The power of oral history and personal knowledge! Oh, yes, and someone, somewhere has photographs.

52 Weeks of Personal Genealogy and History: Week 48: Thanksgiving for family history blessings

Having been following the 52 Weeks of Personal Genealogy and History series devised by Amy Coffin’s and Geneabloggers, I was initially disappointed to read that Week 48’s topic was Thanksgiving, with the questions of: What was on your family’s Thanksgiving table? Do you serve the same dishes now as your family served in the past?

As an Australian plainly I wasn’t going to be able to respond to the question in this way and I really wanted to finish the 52 weeks now I’ve come so far. I decided to draw on the tradition of gratitude by offering my own thanks for the many people who’ve contributed directly or indirectly to my family history…a genealogical Oscars Awards speech.
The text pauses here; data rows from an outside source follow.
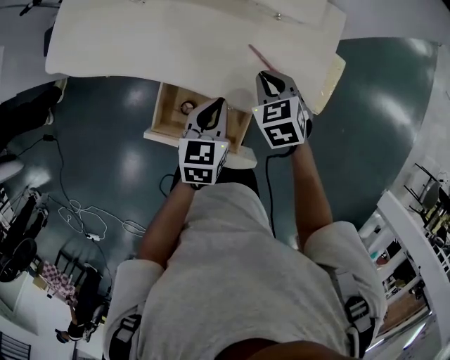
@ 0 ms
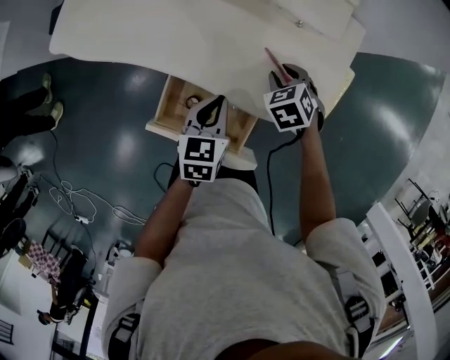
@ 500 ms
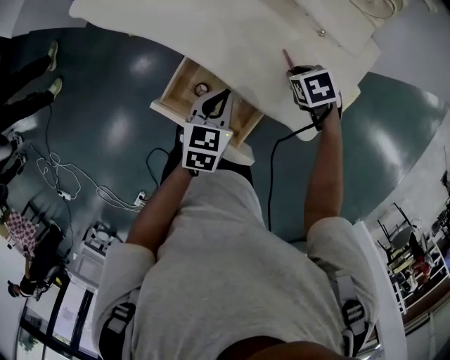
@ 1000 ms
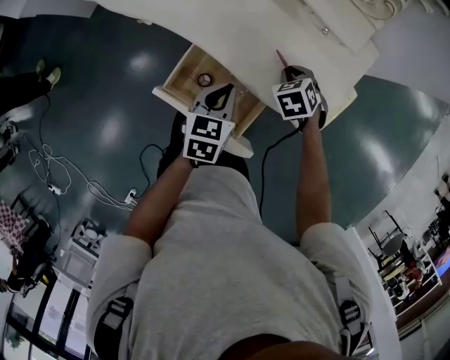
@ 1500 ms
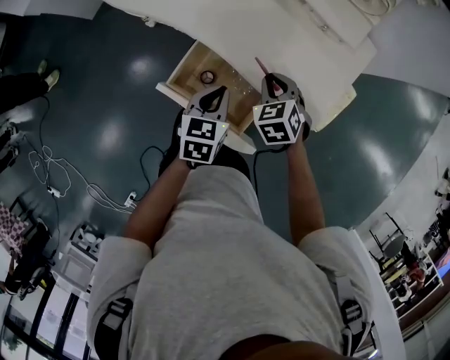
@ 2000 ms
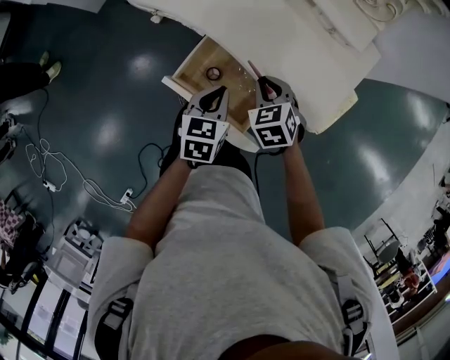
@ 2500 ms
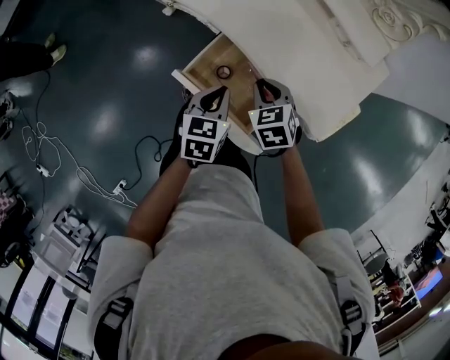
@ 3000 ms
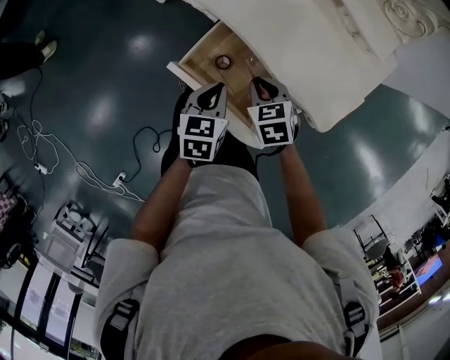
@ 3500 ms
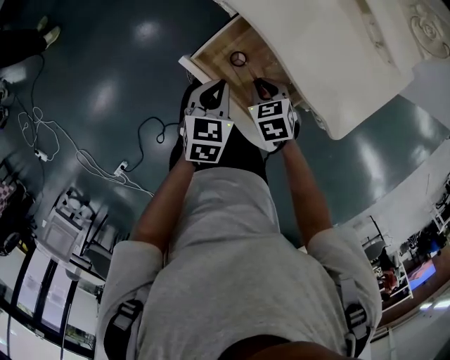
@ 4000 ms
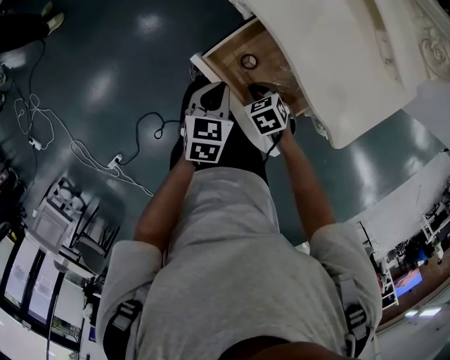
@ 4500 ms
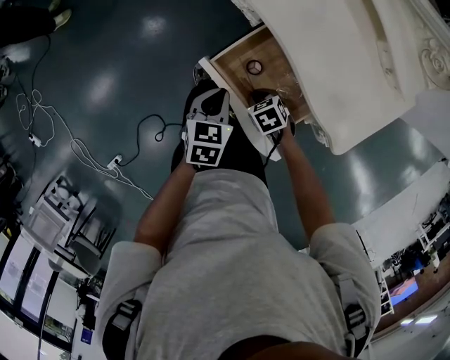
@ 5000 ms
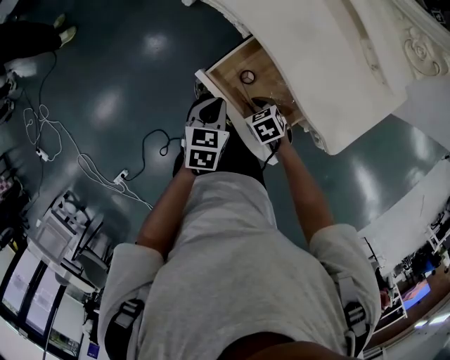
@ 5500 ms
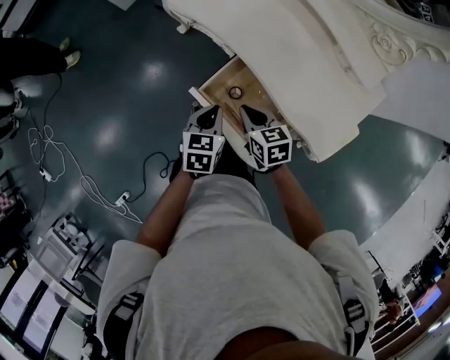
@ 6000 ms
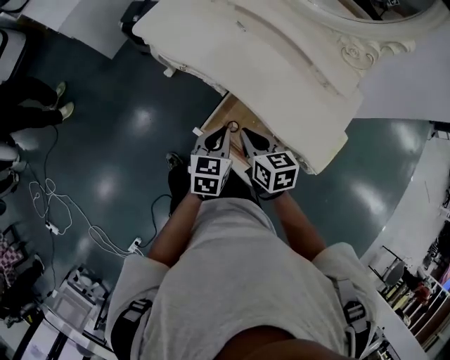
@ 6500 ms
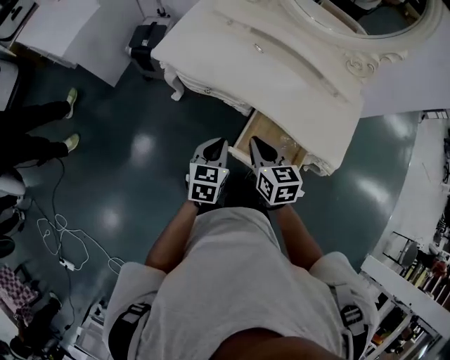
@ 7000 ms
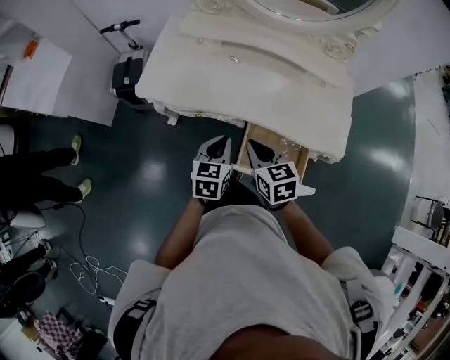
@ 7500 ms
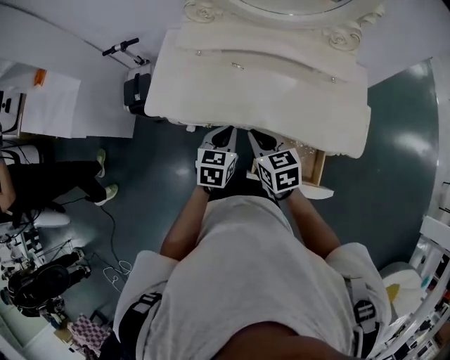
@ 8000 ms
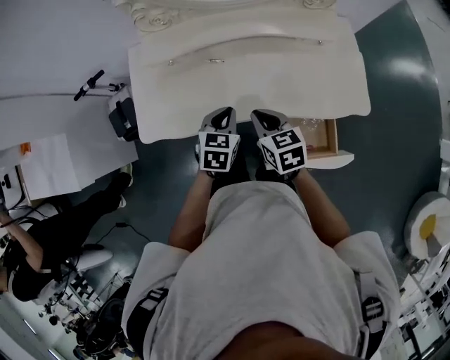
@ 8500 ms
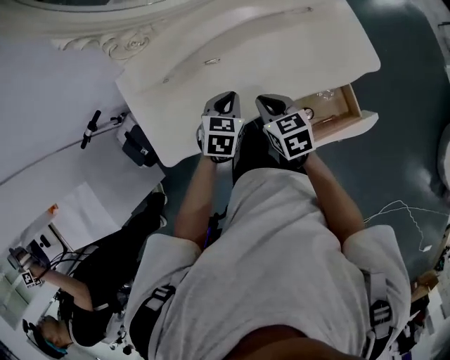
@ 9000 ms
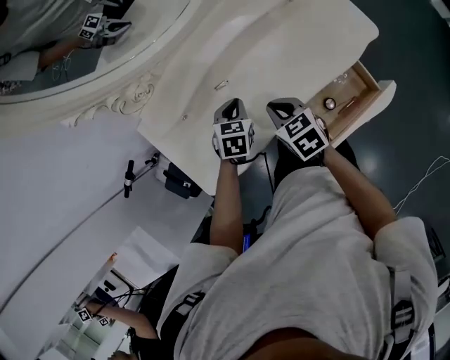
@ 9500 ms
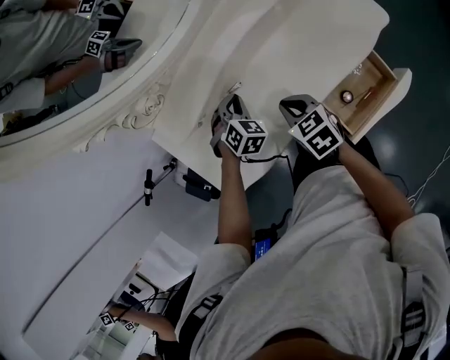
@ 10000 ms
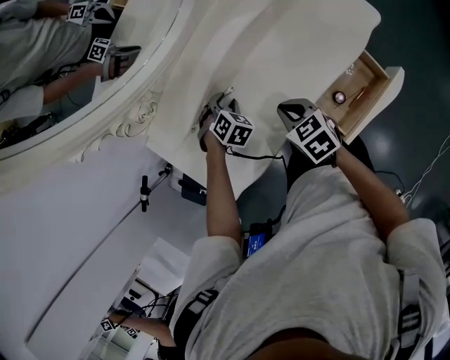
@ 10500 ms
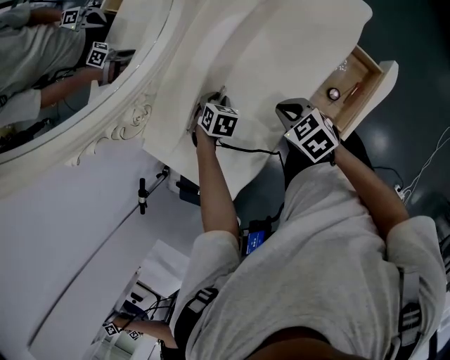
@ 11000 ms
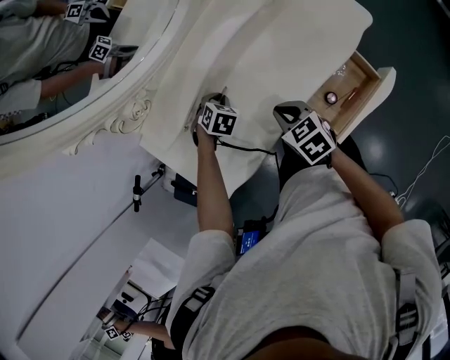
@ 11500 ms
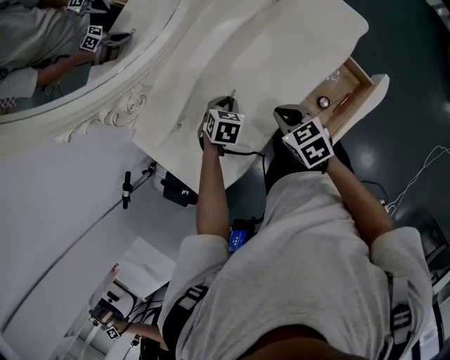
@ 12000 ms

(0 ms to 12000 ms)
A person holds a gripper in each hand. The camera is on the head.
0 ms - 2000 ms: The right gripper changes place by roughly 10 cm. Meanwhile the left gripper moves about 10 cm.
2000 ms - 4000 ms: The right gripper travels to the left, downward and backward by about 15 cm. The left gripper heads to the left and downward, covering approximately 10 cm.
4000 ms - 6000 ms: The left gripper heads upward, covering some 5 cm. The right gripper shifts approximately 10 cm upward, and turns by approximately 30 degrees.
6000 ms - 8000 ms: The left gripper moves approximately 25 cm, and turns by roughly 40 degrees, while the right gripper moves approximately 25 cm, and swivels approximately 30 degrees.
8000 ms - 10000 ms: The right gripper moves about 20 cm, and rotates approximately 40 degrees, while the left gripper ends up some 30 cm from where it was, and rotates around the line of its fingers by approximately 70 degrees, clockwise from behind.
10000 ms - 12000 ms: The right gripper shifts by roughly 5 cm. Meanwhile the left gripper moves roughly 5 cm, swivels approximately 20 degrees, and opens and closes again.

I’d like to thank:

A page of Kunkel and O'Brien photos from Nora's family album.

*        All my pioneer families but especially my early Queensland ancestors, for their courage, hard work, tenacity, determination, and open-mindedness in emigrating so far from home and family.
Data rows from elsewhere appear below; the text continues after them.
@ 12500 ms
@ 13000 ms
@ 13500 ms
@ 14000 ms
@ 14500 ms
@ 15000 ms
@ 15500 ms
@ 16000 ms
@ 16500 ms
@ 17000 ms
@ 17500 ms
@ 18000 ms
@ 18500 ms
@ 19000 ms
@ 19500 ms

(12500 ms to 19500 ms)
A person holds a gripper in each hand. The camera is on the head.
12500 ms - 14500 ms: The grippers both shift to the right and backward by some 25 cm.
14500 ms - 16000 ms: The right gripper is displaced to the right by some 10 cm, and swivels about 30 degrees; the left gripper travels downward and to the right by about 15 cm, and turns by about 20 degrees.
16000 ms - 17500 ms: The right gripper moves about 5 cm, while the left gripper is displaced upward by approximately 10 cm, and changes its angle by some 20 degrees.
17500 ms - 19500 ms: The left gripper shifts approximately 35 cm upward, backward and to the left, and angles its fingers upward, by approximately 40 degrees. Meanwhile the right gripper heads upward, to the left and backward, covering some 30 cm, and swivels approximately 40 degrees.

*        Anne Kunkel, grandchild of George & Mary Kunkel for sharing an oral history of these ancestors and their family, and for linking me to Mary O’Brien’s sister’s families interstate (Widdup,Garvey and Hogan).
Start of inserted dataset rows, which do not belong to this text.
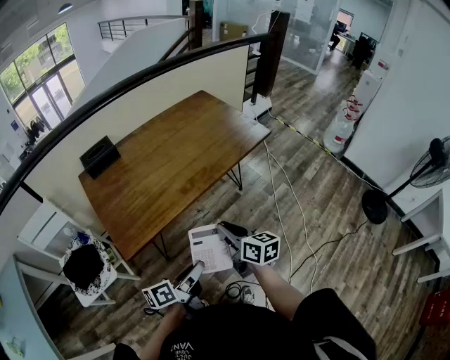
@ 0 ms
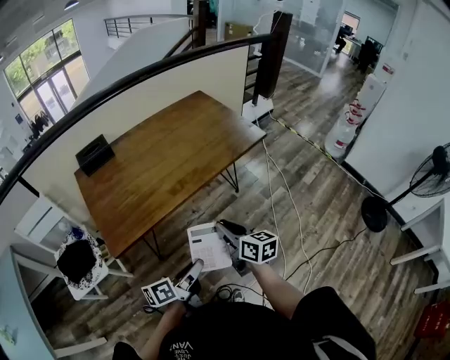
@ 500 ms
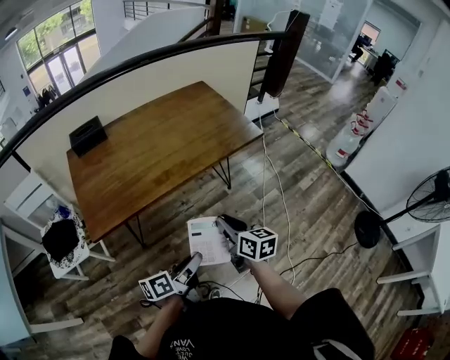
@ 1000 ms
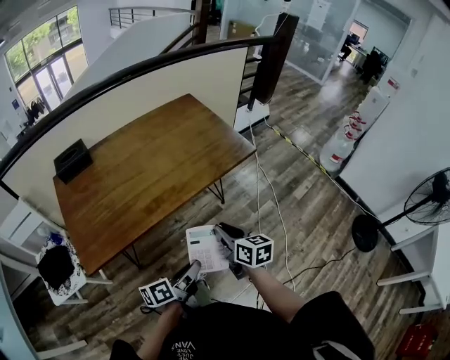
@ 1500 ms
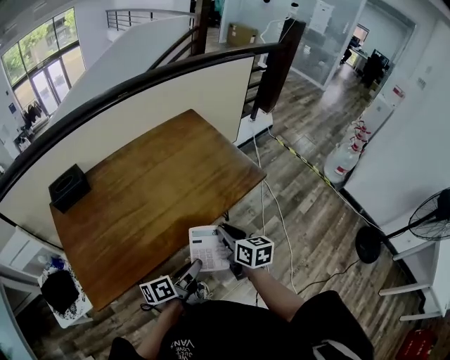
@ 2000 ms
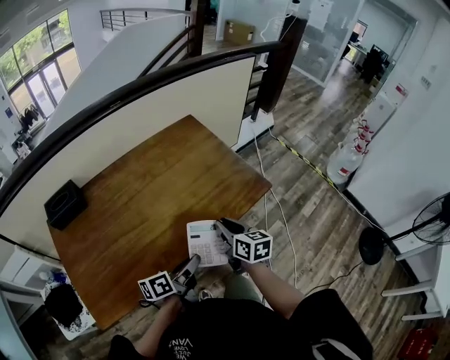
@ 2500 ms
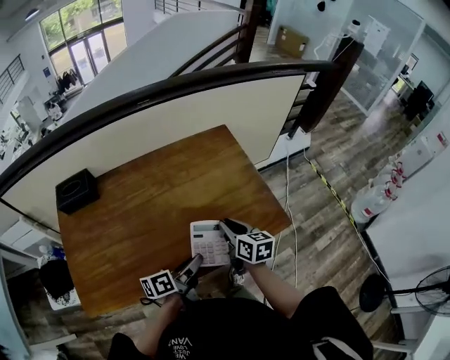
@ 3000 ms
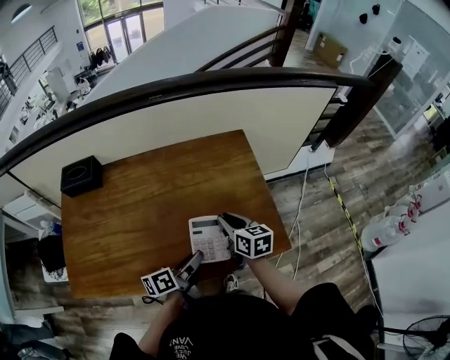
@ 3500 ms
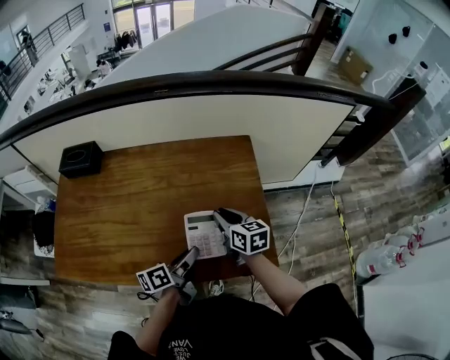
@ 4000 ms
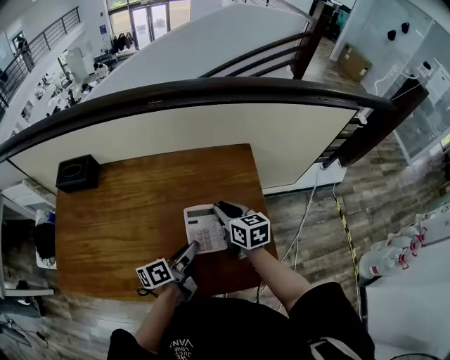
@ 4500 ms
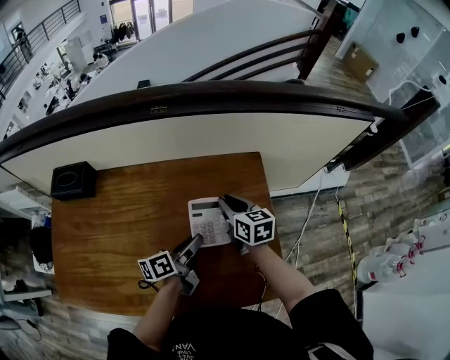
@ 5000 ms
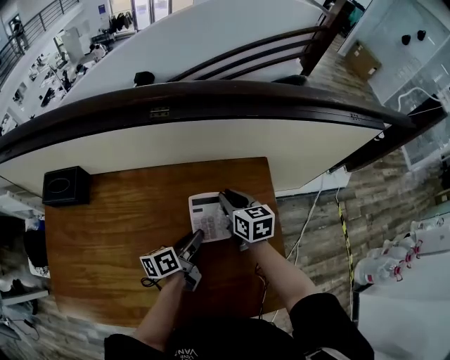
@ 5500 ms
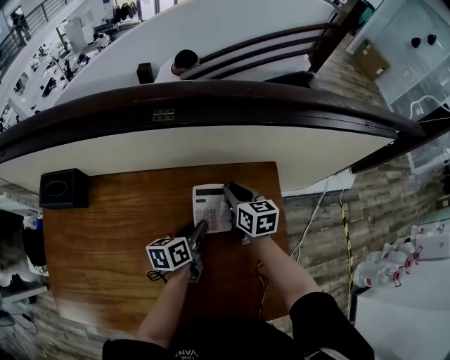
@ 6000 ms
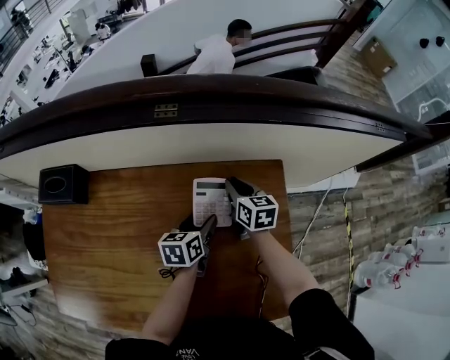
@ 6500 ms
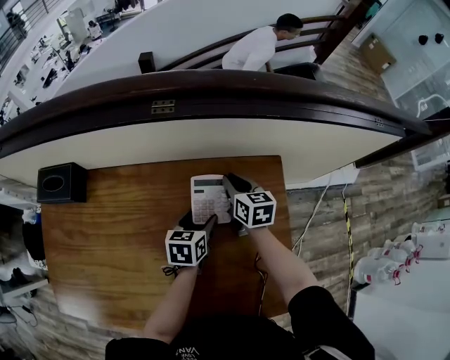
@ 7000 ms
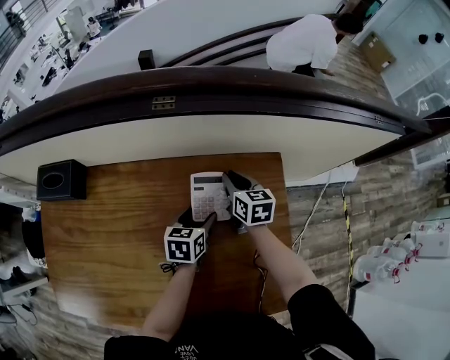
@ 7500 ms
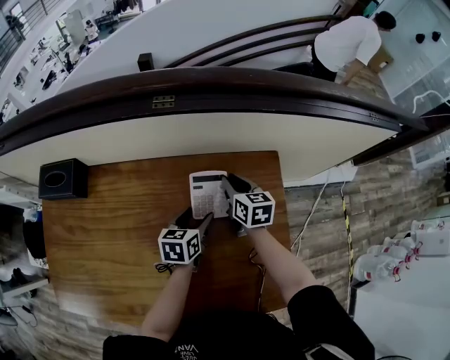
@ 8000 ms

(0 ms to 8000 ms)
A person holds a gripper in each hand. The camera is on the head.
0 ms - 2000 ms: Both grippers travel together forward and to the right, about 30 cm.
2000 ms - 4000 ms: The left gripper moves roughly 30 cm, and rotates some 30 degrees; the right gripper changes place by approximately 30 cm, and turns by some 40 degrees.
4000 ms - 6000 ms: The two grippers go roughly 25 cm forward. The left gripper rotates approximately 20 degrees.
6000 ms - 8000 ms: The left gripper opens.

*        My 4th cousin Nora in Sydney for sharing her stories and connections with the O’Brien families in Australia and USA not to mention a host of wonderful old photos.

*        Cameron, local historian for Murphy’s Creek, Queensland and the nearby Fifteen Mile, for sharing his knowledge.

*        The church archivists who have helped me in my pursuit of family and “my” Germans –a huge thank-you to Gabrielle!

*        All those who’ve shared their knowledge and enthusiasm for the specialty areas over the years.

GSQ publication indexes: the 1988 Bicentennial Muster roll and the Q150 updated version on CD as well as the stories of Qld Pioneers.

*        Family members, and others, who’ve shared their family’s stories and photographs and brainstormed links.

*        Betty and Carmel, the first two researchers with whom I worked on family history (it transpired we had all attended the same school, despite our geographic dispersal and different ages).

*        All those valiant people who indexed and transcribed records long before the digitisation of (some) records and whose publications are still out there waiting for new researchers to discover them.

*        Those who have written theses about my places and topics of interest.

*        Georg Veh for his local histories of Dorfprozelten, Bavaria.

*        The parish priests in Tullamore, Gorey, Broadford and Dorfprozelten, for showing me the church registers with my families’ baptisms and marriages.

*        The acting parish priest for Kilseily, Broadford, Co Clare in 1992, for dropping us at the doorstep of the unsuspecting family who inherited the O’Brien family farm.

An array of published indexes by QFHS and one by Dr Perry McIntyre.

*        Paddy who walked us over the old farm at Ballykelly townland and exclaimed in astonishment at the Australian half of the story, and Nancy who fed us and dried muddy shoes on our return.

*        My parents for clarifying more recent family and answering myriad questions.

*        The archives, libraries and universities which are digitising records eg the TextQueensland collaboration between State Library of Queensland and The University of Queensland; the wonderful George Washington Wilson photo archives at the University of Aberdeen which includes some old photos of Australia; and my old favourite the Clare County Library.

*       The innovative local councils which have made it possible to search their cemeteries’ graves databases online.

*        The family history libraries where I’ve researched.

*        Family history bloggers who’ve become part of my community.

*        Mr Cassmob who has visited countless cemeteries, listened to countless ramblings and supported my genealogical flights of fancy.

You are all STARS in my family history galaxy.